The difference appeared to be due to the amount of weight that the patients lost rather than the specific approach they used. In other words, if the diet-and-exercise patients had managed to lose as much weight as the surgical patients, their diabetes may have been as well-controlled.
"This tells us that you need to lose substantial weight before you'll reverse the diabetes," Dixon said.
The findings are published in the Jan. 23 issue of the Journal of the American Medical Association.
So should diabetics rush to get gastric band operations? The cost could stop many of them.
The procedure costs an average of $18,000 in the United States, Dixon said. By contrast, diet and exercise are free.

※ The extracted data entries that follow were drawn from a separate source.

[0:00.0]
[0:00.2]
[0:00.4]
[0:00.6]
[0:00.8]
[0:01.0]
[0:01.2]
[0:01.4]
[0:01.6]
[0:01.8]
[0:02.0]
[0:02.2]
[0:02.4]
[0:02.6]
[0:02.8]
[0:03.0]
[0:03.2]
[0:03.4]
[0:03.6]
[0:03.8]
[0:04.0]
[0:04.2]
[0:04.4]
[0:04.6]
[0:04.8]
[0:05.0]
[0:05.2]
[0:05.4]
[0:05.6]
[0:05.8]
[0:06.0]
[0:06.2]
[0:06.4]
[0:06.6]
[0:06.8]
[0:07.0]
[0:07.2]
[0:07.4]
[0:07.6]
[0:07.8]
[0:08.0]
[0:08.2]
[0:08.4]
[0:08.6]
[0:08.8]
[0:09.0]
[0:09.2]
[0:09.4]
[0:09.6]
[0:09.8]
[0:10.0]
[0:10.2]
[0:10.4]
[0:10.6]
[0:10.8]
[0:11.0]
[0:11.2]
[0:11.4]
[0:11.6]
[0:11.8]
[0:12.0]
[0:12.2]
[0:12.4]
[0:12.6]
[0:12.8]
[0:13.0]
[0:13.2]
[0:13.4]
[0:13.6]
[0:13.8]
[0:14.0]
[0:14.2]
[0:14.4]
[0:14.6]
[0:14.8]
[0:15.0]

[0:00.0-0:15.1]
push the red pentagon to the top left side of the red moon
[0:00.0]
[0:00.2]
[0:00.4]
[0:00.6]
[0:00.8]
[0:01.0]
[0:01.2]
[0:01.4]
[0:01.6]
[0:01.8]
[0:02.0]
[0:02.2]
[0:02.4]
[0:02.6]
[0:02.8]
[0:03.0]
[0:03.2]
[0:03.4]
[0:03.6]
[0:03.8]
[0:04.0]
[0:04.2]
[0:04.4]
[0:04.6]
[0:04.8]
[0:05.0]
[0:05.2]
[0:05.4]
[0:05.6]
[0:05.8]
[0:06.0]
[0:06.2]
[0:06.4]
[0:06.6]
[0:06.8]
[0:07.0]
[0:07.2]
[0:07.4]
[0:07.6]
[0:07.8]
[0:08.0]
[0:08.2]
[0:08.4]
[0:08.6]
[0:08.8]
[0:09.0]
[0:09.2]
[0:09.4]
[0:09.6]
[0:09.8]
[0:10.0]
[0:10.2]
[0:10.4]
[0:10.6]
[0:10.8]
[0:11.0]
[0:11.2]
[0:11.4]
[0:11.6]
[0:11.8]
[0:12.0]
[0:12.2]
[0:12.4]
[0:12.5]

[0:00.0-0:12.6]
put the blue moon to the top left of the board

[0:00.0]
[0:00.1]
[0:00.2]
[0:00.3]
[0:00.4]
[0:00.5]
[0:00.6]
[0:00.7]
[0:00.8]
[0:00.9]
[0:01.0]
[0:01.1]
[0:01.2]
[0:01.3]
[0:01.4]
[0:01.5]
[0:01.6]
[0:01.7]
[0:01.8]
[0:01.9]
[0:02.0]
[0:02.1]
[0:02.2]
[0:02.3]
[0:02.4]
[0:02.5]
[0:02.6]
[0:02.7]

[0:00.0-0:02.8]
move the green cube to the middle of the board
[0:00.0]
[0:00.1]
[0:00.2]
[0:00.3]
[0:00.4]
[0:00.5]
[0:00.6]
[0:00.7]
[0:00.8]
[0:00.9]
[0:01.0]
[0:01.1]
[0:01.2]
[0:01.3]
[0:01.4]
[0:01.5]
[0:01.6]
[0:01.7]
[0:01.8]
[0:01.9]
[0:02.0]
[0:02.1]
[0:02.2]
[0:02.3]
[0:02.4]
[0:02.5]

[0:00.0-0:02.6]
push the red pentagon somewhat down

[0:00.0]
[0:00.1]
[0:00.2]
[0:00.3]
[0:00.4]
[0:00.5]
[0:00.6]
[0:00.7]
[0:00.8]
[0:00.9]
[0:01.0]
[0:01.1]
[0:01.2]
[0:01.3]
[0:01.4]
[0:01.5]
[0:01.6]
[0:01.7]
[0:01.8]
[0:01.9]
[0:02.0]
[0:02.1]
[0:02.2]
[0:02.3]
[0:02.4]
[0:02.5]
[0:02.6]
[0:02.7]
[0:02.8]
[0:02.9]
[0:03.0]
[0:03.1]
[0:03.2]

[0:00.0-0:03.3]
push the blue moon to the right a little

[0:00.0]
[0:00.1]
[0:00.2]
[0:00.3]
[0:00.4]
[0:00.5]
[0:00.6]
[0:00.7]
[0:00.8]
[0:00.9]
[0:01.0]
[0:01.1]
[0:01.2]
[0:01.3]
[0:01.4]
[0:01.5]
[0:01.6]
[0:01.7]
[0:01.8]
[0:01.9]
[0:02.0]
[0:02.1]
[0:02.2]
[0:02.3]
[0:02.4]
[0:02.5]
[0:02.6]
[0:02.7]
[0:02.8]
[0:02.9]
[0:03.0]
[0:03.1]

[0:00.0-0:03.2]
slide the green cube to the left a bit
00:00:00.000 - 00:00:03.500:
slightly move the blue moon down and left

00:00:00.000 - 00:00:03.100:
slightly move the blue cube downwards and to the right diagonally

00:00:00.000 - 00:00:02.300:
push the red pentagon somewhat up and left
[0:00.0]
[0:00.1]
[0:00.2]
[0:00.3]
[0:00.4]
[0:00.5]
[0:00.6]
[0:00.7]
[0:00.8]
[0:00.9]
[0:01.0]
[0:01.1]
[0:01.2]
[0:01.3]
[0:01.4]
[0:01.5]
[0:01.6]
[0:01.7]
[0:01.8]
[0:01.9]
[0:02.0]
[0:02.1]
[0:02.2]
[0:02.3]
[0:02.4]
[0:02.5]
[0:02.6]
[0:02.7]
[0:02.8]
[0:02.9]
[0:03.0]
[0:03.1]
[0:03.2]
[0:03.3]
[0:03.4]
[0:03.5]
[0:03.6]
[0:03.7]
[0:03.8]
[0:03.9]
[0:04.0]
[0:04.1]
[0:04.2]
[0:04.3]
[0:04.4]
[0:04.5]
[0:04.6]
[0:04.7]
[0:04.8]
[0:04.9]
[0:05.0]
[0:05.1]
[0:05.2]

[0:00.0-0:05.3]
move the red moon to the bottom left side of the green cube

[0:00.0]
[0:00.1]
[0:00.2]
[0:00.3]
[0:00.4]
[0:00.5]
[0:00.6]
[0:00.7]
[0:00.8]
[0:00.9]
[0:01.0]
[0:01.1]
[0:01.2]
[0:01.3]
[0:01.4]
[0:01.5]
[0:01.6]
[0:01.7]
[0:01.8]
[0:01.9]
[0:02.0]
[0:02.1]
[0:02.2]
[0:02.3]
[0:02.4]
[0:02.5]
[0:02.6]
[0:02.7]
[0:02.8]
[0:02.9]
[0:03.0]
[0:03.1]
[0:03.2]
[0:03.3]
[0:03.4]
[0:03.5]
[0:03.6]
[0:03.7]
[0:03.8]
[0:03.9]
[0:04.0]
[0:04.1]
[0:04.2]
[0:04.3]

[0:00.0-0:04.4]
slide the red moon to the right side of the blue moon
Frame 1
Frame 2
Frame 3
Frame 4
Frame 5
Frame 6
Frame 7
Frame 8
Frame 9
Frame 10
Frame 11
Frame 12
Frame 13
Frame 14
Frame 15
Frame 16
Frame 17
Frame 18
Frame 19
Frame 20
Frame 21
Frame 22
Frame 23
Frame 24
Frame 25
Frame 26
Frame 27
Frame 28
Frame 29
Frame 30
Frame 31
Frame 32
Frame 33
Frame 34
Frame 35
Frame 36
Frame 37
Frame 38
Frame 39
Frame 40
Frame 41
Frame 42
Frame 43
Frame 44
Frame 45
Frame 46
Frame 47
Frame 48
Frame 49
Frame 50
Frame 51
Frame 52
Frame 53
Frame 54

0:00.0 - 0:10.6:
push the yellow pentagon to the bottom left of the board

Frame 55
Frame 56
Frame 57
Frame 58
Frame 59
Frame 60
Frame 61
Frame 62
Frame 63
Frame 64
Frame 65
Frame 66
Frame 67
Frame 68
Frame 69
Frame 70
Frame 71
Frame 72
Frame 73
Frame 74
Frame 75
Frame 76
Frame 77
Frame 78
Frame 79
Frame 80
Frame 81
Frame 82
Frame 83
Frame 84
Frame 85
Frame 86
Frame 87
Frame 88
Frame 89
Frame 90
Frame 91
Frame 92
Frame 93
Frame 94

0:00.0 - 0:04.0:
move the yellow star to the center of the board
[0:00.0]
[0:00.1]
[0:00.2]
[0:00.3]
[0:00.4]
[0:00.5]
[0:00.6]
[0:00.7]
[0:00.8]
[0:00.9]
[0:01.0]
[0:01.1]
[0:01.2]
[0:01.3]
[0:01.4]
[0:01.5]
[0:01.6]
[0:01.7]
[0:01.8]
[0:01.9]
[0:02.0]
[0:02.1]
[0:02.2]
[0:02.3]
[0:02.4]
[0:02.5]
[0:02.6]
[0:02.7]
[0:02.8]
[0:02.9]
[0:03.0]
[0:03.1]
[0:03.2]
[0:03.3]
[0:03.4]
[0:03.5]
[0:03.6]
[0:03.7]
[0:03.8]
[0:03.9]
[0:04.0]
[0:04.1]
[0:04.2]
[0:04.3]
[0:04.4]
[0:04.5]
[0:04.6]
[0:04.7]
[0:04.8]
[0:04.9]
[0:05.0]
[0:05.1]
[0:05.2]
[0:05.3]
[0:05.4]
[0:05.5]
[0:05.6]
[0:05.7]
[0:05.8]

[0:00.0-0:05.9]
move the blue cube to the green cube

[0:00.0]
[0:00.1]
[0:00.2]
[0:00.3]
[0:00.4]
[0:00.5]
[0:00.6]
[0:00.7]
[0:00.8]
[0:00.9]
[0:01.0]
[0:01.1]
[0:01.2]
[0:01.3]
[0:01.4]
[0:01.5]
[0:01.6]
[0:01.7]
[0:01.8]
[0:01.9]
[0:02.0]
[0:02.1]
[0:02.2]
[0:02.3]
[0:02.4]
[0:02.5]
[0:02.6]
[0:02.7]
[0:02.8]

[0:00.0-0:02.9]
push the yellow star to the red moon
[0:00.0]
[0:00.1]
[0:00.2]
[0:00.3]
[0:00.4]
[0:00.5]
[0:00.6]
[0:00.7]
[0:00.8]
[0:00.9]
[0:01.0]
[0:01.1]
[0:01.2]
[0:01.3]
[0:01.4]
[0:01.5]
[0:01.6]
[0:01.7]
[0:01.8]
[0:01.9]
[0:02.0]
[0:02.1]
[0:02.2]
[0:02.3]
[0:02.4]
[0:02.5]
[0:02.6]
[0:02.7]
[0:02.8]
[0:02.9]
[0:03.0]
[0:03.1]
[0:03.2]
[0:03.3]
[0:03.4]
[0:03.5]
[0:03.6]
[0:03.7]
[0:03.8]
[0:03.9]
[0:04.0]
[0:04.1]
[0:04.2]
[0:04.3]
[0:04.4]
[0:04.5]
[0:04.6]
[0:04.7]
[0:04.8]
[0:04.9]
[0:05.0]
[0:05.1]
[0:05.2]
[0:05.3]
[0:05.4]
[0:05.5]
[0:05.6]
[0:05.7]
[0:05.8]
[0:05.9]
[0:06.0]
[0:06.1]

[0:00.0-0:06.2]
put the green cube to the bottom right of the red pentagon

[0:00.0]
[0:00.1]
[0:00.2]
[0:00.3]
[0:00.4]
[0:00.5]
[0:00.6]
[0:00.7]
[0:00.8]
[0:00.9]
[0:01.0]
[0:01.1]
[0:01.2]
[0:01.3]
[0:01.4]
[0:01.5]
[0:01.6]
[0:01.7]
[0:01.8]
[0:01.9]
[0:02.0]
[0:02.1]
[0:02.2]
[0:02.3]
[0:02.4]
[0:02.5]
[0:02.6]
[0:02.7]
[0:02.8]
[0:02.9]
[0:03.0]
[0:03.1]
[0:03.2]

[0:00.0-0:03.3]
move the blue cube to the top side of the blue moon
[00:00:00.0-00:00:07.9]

"The problem is that it's hard to lose weight" by using traditional, non-surgical methods, Dixon said.
Dr. Alan Wittgrove, medical director of the bariatric program at Scripps Memorial Hospital in La Jolla, Calif., said the study provides "great information" that adds to research about other gastric weight-loss procedures.
"It's nice to have something in the literature that says the band works well for diabetes," he said, although he added that it's important to note that success rates vary depending on where the procedure is done.
And what of the argument that fat people should just eat less and visit the gym? In some cases, overweight people with diabetes "don't really have the opportunity to lose weight and be healthier, oftentimes because of the medication they're on," he said.